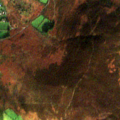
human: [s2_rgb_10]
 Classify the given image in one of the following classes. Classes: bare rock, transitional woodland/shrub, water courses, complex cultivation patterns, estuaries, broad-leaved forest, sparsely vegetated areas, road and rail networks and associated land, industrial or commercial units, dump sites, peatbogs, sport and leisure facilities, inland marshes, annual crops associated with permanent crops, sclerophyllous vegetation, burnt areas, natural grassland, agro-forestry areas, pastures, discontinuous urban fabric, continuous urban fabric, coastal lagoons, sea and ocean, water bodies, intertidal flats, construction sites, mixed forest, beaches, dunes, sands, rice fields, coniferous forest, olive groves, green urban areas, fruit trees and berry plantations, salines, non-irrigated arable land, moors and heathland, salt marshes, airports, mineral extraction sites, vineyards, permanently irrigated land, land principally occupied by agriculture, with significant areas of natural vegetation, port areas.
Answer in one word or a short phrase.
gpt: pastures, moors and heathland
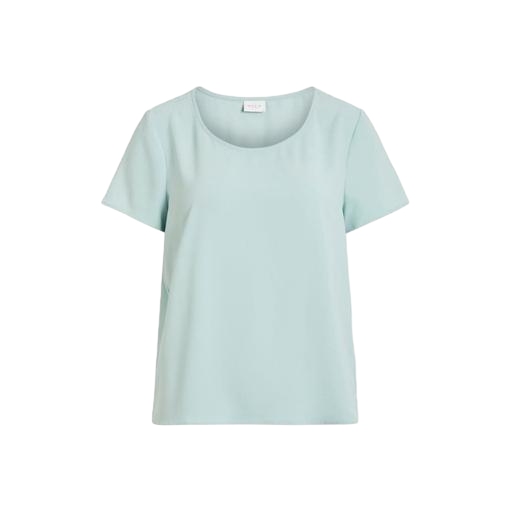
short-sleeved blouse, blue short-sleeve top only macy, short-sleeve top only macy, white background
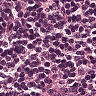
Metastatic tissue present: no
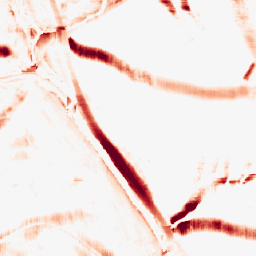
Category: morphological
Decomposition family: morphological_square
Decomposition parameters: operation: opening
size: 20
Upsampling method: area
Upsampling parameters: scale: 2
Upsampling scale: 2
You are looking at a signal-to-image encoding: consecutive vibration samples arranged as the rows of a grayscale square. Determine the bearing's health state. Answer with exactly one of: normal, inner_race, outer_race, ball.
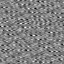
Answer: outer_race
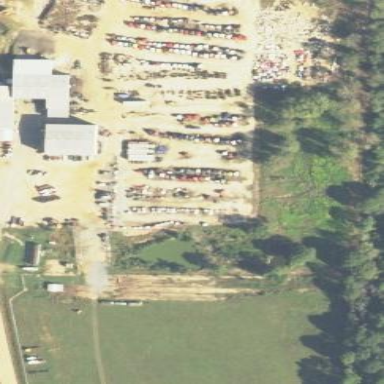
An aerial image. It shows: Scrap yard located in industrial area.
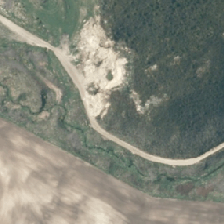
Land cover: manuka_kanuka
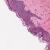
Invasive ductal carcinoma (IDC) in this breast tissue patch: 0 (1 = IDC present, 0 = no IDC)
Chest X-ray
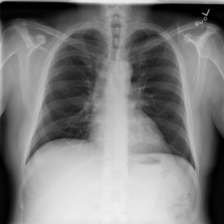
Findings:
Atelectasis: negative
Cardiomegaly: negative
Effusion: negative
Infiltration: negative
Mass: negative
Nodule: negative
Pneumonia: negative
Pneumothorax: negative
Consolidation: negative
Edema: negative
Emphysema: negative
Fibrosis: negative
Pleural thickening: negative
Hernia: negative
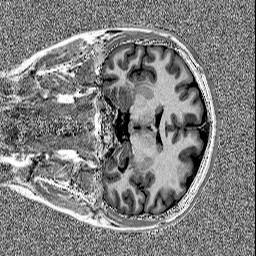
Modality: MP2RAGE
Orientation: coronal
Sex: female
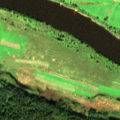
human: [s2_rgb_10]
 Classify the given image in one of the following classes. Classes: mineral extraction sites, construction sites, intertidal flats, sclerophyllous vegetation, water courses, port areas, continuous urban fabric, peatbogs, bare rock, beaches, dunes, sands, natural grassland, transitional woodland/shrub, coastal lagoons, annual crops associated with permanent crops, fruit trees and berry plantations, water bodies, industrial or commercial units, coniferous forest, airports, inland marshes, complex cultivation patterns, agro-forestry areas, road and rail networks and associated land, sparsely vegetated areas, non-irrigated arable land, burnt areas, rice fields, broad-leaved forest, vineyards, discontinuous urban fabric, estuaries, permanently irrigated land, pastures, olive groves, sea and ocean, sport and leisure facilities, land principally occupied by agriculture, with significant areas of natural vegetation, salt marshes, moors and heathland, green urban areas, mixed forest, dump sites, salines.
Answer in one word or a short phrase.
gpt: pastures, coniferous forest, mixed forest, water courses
###
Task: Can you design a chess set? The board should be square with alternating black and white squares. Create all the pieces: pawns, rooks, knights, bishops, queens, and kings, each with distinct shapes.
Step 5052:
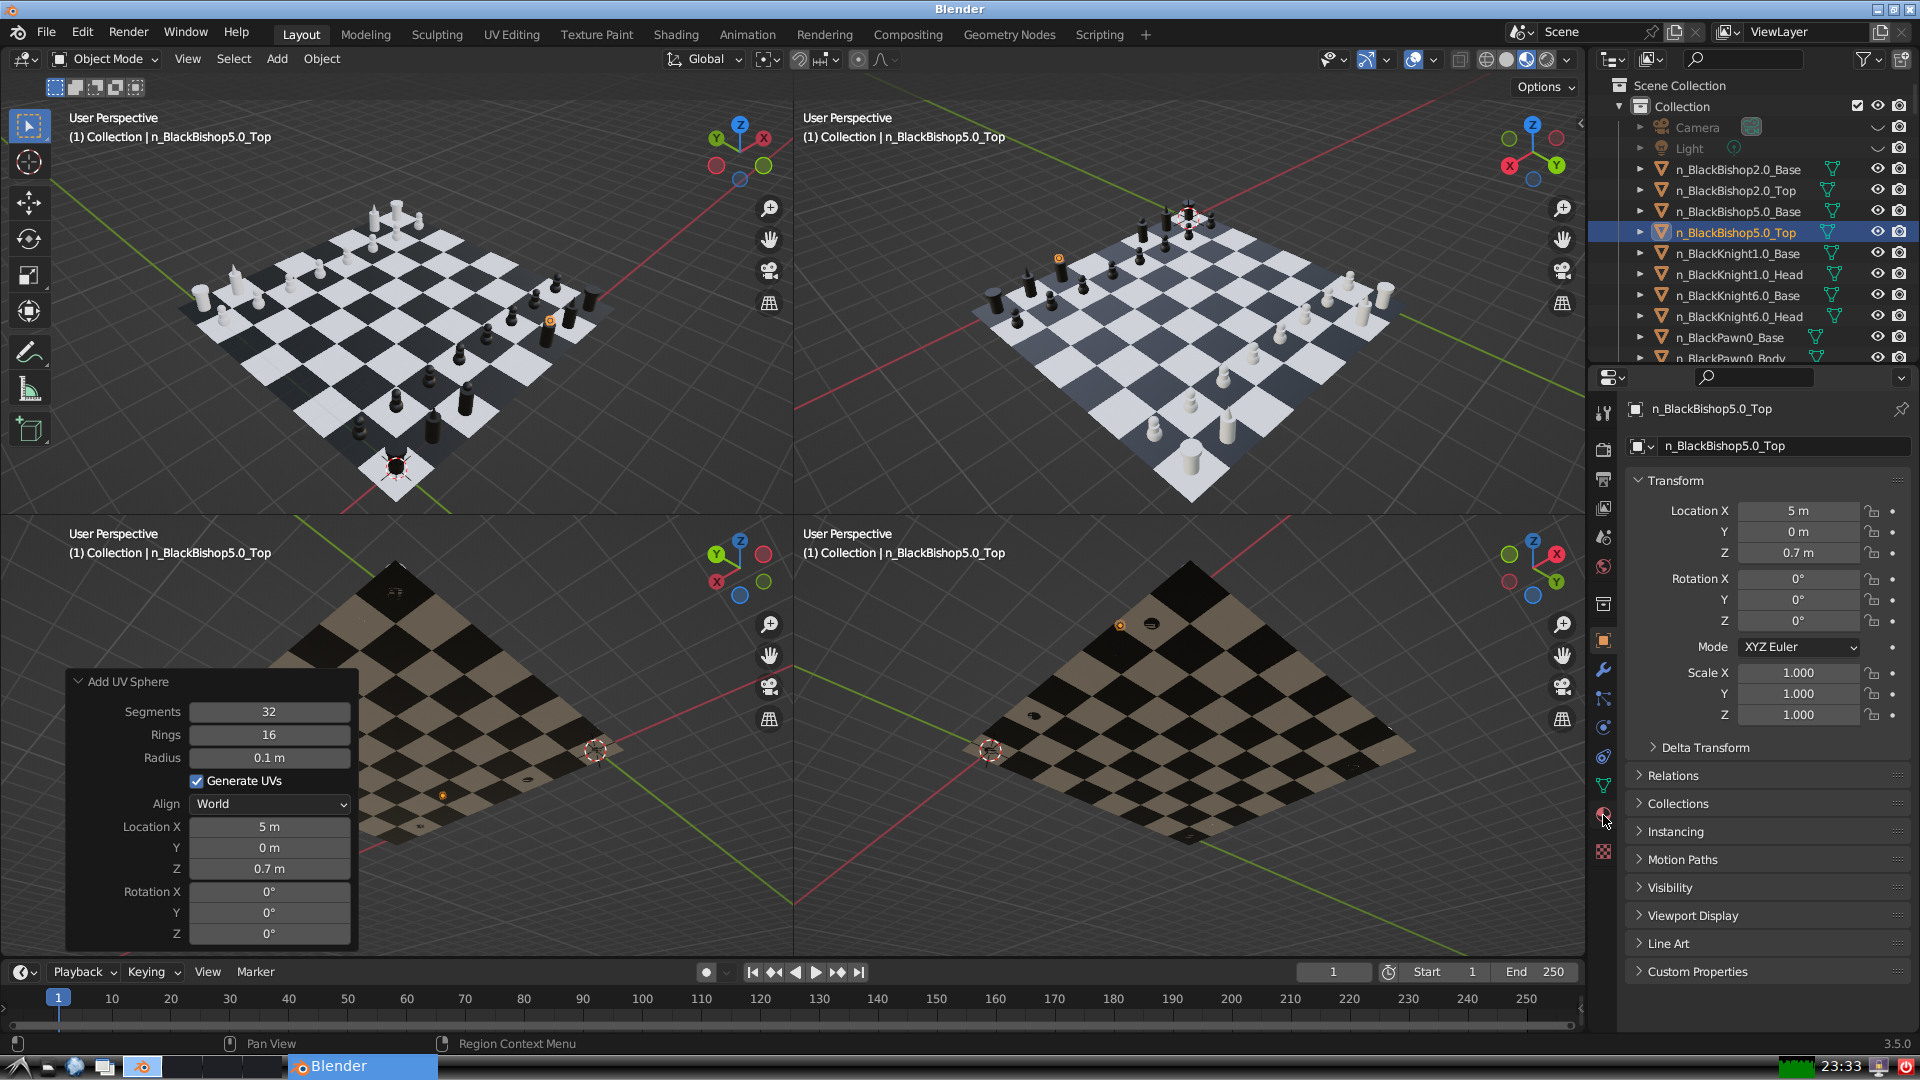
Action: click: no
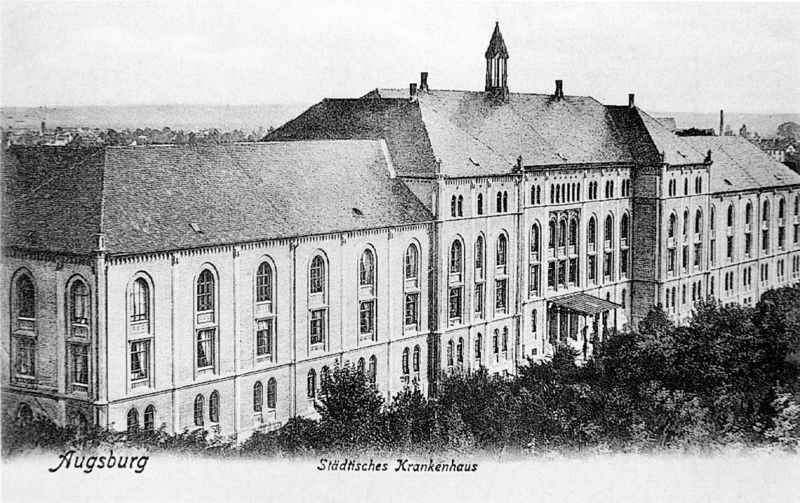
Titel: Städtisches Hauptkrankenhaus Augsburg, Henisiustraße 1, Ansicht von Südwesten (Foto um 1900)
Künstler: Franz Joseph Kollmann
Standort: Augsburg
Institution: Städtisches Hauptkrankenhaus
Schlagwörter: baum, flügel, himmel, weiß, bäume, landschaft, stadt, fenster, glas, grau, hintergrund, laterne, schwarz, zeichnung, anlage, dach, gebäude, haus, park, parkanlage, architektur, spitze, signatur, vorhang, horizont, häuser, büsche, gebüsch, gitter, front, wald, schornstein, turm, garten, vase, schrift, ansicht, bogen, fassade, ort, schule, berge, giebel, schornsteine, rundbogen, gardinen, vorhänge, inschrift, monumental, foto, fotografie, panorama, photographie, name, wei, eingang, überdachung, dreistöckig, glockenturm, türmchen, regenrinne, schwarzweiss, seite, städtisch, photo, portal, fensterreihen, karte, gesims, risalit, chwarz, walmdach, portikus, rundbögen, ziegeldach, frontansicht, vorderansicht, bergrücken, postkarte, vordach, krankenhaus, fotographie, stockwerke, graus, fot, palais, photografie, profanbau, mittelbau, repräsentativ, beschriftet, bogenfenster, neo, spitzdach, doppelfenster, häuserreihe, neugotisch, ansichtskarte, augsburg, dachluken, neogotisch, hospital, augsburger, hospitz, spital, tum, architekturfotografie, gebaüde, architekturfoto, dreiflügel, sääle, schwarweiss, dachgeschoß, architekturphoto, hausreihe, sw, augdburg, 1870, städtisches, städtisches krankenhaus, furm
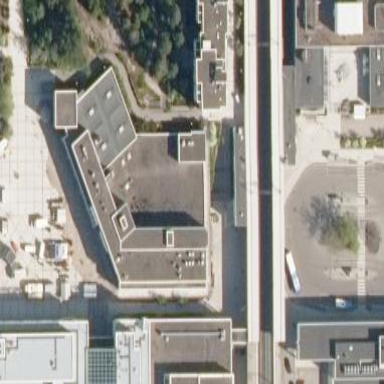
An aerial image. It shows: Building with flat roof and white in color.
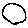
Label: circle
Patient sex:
###
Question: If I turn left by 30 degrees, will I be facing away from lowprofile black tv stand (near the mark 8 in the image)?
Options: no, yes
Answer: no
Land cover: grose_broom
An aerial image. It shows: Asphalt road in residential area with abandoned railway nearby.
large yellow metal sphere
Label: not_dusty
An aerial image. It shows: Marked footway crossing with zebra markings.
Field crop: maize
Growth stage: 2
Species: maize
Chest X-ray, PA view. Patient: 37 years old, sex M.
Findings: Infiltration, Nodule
###
Look through the records above for the string "coniferous", then copy every line that has it.

 Classify the given image in one of the following classes. Classes: bare rock, transitional woodland/shrub, water courses, complex cultivation patterns, estuaries, broad-leaved forest, sparsely vegetated areas, road and rail networks and associated land, industrial or commercial units, dump sites, peatbogs, sport and leisure facilities, inland marshes, annual crops associated with permanent crops, sclerophyllous vegetation, burnt areas, natural grassland, agro-forestry areas, pastures, discontinuous urban fabric, continuous urban fabric, coastal lagoons, sea and ocean, water bodies, intertidal flats, construction sites, mixed forest, beaches, dunes, sands, rice fields, coniferous forest, olive groves, green urban areas, fruit trees and berry plantations, salines, non-irrigated arable land, moors and heathland, salt marshes, airports, mineral extraction sites, vineyards, permanently irrigated land, land principally occupied by agriculture, with significant areas of natural vegetation, port areas.
 Classify the given image in one of the following classes. Classes: mineral extraction sites, construction sites, intertidal flats, sclerophyllous vegetation, water courses, port areas, continuous urban fabric, peatbogs, bare rock, beaches, dunes, sands, natural grassland, transitional woodland/shrub, coastal lagoons, annual crops associated with permanent crops, fruit trees and berry plantations, water bodies, industrial or commercial units, coniferous forest, airports, inland marshes, complex cultivation patterns, agro-forestry areas, road and rail networks and associated land, sparsely vegetated areas, non-irrigated arable land, burnt areas, rice fields, broad-leaved forest, vineyards, discontinuous urban fabric, estuaries, permanently irrigated land, pastures, olive groves, sea and ocean, sport and leisure facilities, land principally occupied by agriculture, with significant areas of natural vegetation, salt marshes, moors and heathland, green urban areas, mixed forest, dump sites, salines.
gpt: pastures, coniferous forest, mixed forest, water courses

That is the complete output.